The synergy of Y311K and I427L were also exhibited in the kinetic parameters. When Y311K and I427L cooperated, they made V max and K m reduce further and the catalytic efficiency increased further. Especially deserving to be mentioned, is that the α/β-domain where both Y311K and I427L mutagenesis occurred was just involved in substrate binding [17]. It may explain the phenomenon above, to some extent.

In summary, thermostable variants of AppA were successfully designed without compromising the catalytic activity by the computational design combining three common structural features, protein flexibility, protein surface, and salt bridges. The thermostable multiple mutants were constructed, from there into Y311K/I427L, it showed about twofold higher thermostability than the wild-type and had the highest catalytic efficiency, but further consideration for the enzyme-specific network interactions will be necessary to reduce false-positive predictions. Moreover, additional studies such as the role of the α/β-domain of AppA and the C-terminal in the protein thermostability, the mechanism of the positive synergy of Y311K and I427L, the mechanism of the negative synergy of Q206E and Y311K, the relationship between the number of salt bridges and thermostability or further computational design of the multiple mutant, will provide an opportunity to obtain further knowledge about protein thermostability and search for more thermostable sequences that were not discovered by our strategy.

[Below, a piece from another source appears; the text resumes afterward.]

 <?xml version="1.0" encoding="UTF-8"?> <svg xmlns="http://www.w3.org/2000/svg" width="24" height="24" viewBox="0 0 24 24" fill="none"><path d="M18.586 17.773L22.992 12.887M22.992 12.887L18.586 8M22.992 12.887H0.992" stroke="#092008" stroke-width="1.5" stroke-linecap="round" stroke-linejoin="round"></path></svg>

This study elucidated the importance of the protein flexibility, protein surface, and salt bridges for thermostability and our multi-factors rational design strategy that can be applied practically as a thermostabilization strategy instead of the conventional single-factor approach. By the way, the combination of rational design and directed evolution is also considerable for protein engineering.